I could've done my hotel and flight bookings via the Internet too, but it wasn't necessary in this case.
The only thing I could not do was the actual booking, because they didn't accept
Internet bookings from abroad at the time, for security reasons.
I had a wonderful time at the theatre, and I don't think this would've been possible without the Internet!
= And your worst experience?
Nothing specific, but there are a few repetitive ones:
- unsolicited commercial e-mails;
- web pages full of ads;
- pages overloaded with irrelevant, time-consuming graphics;
- dead links.
*Interview of June 1st, 2001
= How much do you still work with paper?
I use paper a lot. All important documents are printed out, as they are a lot easier to consult on paper (easier to browse, never a dead battery). I don't think that this is going to change for quite a while.
= What do you think about e-books?
Still a long way to go before reading from a screen feels as comfortable as reading a book.
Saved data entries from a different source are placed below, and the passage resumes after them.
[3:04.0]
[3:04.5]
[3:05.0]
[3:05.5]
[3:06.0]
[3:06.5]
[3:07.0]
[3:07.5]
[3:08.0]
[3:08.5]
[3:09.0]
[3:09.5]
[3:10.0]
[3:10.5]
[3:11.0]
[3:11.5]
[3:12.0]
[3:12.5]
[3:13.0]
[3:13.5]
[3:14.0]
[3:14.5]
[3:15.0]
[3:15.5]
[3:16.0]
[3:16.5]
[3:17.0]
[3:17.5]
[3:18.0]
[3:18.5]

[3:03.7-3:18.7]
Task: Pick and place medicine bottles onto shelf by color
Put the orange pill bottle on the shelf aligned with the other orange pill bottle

= What is your definition of cyberspace?
For me the cyberspace is the part of the universe (including people, machines and information) that I can reach from behind my desk.
= How would you define the information society?
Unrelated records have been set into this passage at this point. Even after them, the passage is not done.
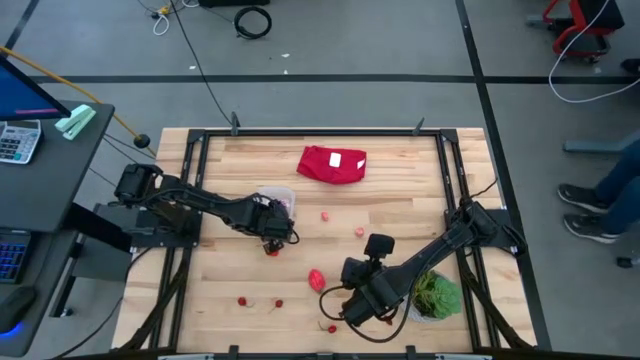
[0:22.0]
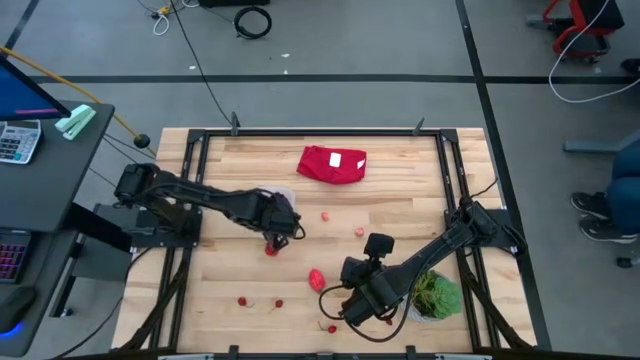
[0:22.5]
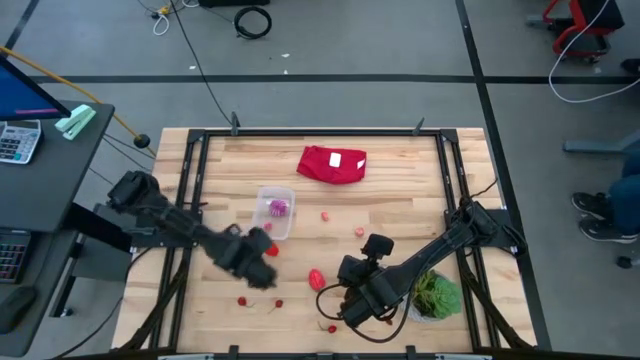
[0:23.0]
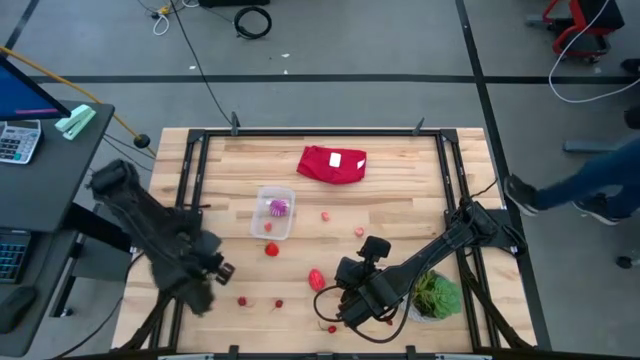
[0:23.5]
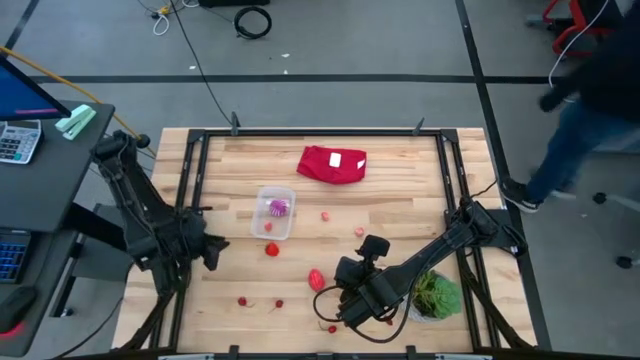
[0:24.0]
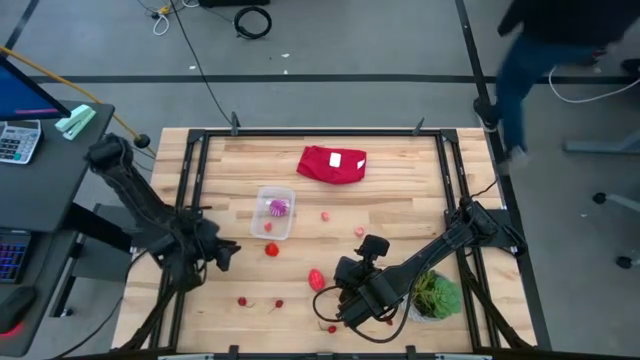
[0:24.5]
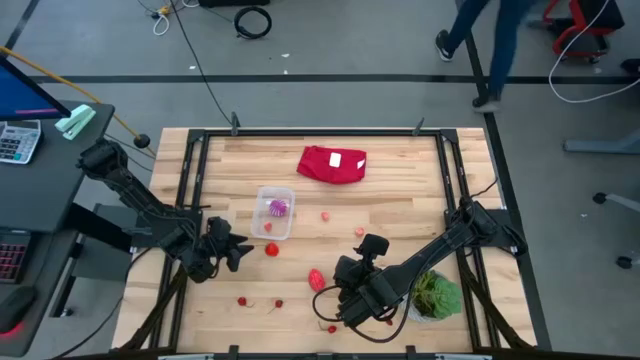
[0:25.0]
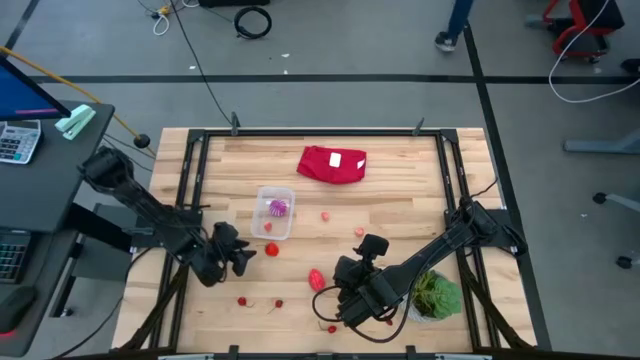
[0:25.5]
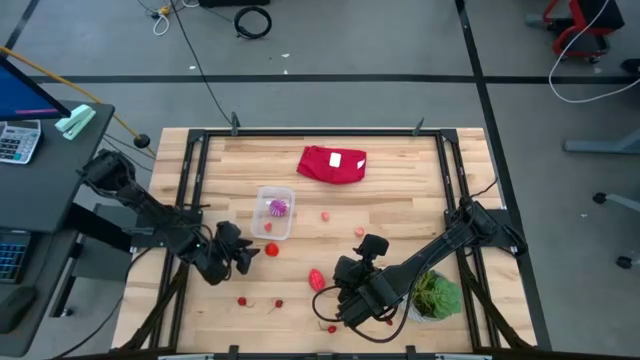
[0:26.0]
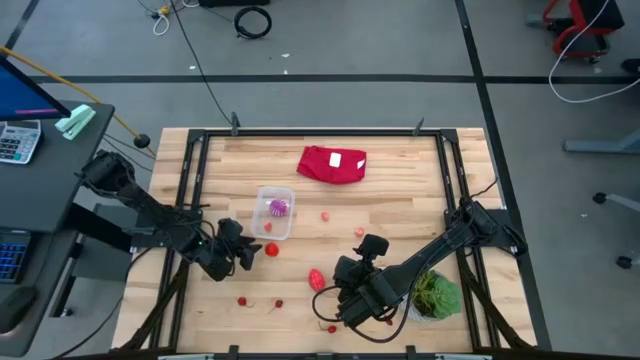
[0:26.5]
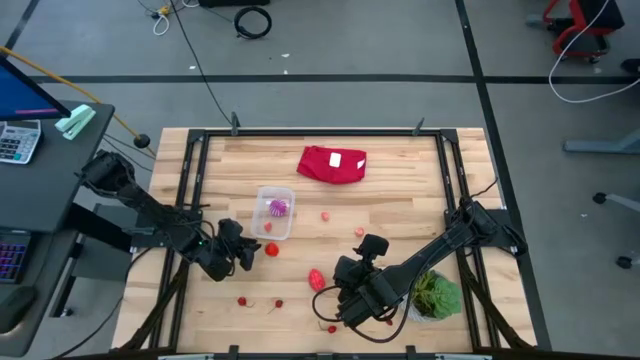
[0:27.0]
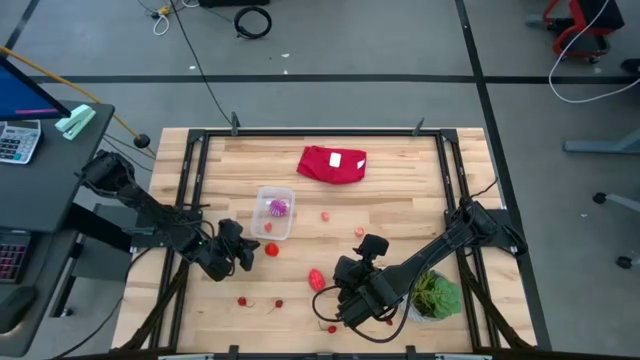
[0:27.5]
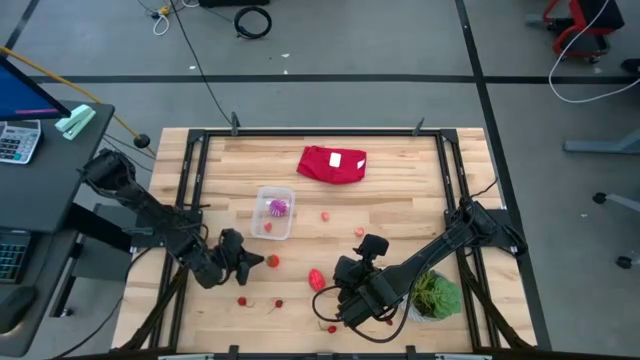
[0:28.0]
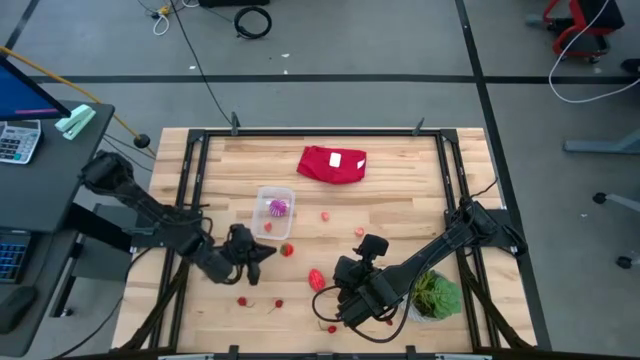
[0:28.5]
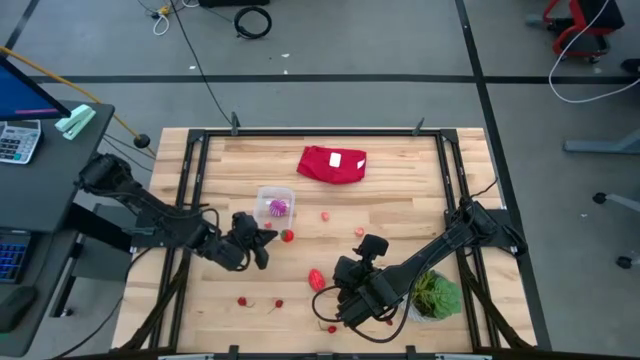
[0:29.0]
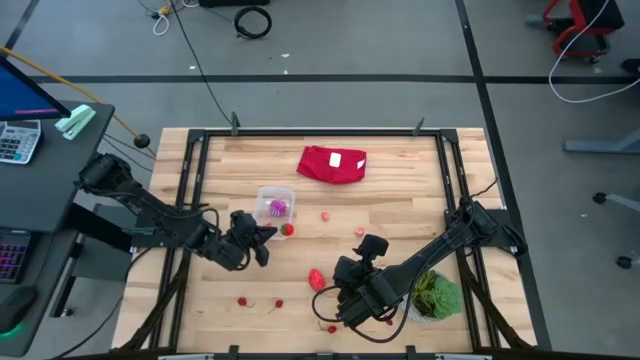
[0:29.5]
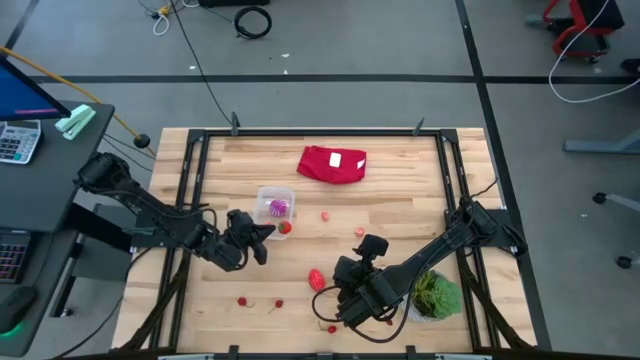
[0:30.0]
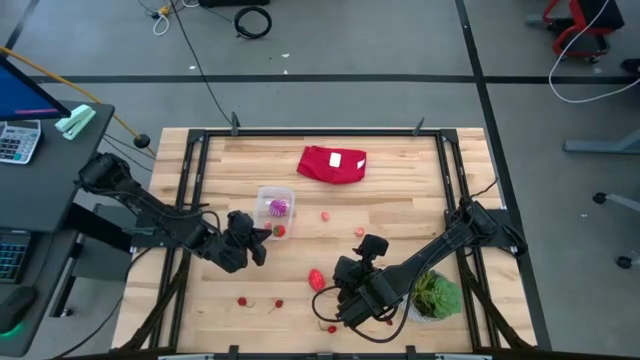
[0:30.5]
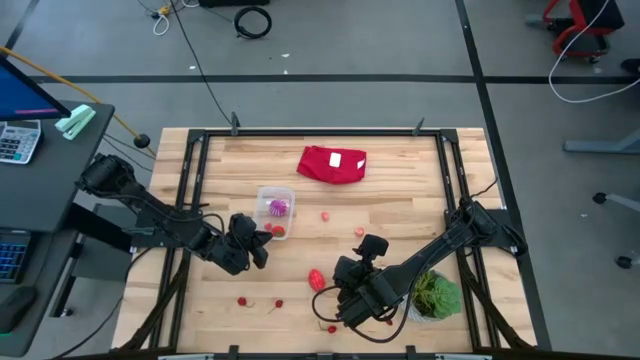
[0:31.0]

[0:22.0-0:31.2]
Task: Pick and placing Produce into tupperware
Put the red strawberry in the transparent bin

An information society is a society:
- where most of the knowledge and information is no longer stored in people's brains or books but on electronic media,
- where the information repositories are distributed, interconnected via an information infrastructure, and accessible from anywhere, and
- where social processes have become so dependent on this information and the information infrastructure that citizens who are not connected to this information system cannot fully participate in the functioning of the society.
TIM McKENNA (Geneva)
#Thinks and writes about the complexity of truth in a world of flux
*Interview of October 17, 2000
= What exactly do you do professionally?
I am a mathematics teacher and currently I am taking time off to earn a master's degree in telecommunications management.
= What exactly do you do on the Internet?
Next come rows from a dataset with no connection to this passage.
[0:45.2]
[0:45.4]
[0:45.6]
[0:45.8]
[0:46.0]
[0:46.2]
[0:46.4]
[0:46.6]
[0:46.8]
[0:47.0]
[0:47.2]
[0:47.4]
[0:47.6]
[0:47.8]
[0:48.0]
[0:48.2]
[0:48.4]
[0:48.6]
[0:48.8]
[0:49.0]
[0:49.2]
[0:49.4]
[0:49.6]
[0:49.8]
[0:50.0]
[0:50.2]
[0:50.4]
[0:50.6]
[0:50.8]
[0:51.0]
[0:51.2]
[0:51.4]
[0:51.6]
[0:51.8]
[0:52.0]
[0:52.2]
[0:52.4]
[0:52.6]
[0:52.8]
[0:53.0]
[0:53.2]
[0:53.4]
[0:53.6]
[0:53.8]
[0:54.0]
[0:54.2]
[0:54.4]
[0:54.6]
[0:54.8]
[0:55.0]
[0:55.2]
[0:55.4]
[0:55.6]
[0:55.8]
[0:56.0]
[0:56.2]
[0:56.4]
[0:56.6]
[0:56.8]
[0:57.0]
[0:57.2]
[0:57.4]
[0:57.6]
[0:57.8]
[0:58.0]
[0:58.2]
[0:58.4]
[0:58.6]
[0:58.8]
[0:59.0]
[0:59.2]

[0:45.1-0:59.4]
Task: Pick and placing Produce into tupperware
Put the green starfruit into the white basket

I use the Internet primarily for research.
= How do you see the future?
I hope to see the Internet become more of a tool for accessing news and media that is not controlled by large corporate accounts.
= What do you think of the debate about copyright on the Web?
Copyright is a difficult issue. The owner of the intellectual property thinks that she owns what she has created. I believe that the consumer purchases the piece of plastic (in the case of a CD) or the bounded pages (in the case of book). The business community has not found a new way to add value to intellectual property. Consumers don't think very abstractly. When they download songs for example they are simply listening to them, they are not possessing them. The music and publishing industry need to find ways to give consumers tactile vehicles for selling the intellectual property.
= How do you see the growth of a multilingual Web?
When software gets good enough for people to chat or talk on the Web in real time in different languages, then we will see whole a new world appear before us. Scientists, political activists, businesses and many more groups will be able to communicate immediately without having to go through mediators or translators.
= How much do you still work with paper? Will there still be a place for paper in the future?
Paper still plays a vital role in my life. Reading is a matter of cultural pride
for me. My background is Irish (Tim is a US citizen). To paraphrase Thomas
Cahil, spirituality has always been closely connected with literacy in Ireland.
I would miss reading and reading from a screen is too burdensome to the eyes.
= What do you think about e-books?
I don't think that they have the right appeal for lovers of books. The Internet is great for information. Books are not information. People that love books have a relationship with their books. They reread them, write in them, confer with them. Just as cyber sex will never replace the love of a woman, e-books will never be a vehicle for beautiful prose.
= What do you suggest to give blind and partially-sighted people easier access to the Web?
Software companies need to develop voice activated software with the blind in mind when it comes to quality and the broad consumer market when it comes to profitabilty. It will never be profitable and affordable for the blind to have technology catered to them. However, there are countless examples of technologies that are developed with the less abled in mind and that have wide appeal with the masses.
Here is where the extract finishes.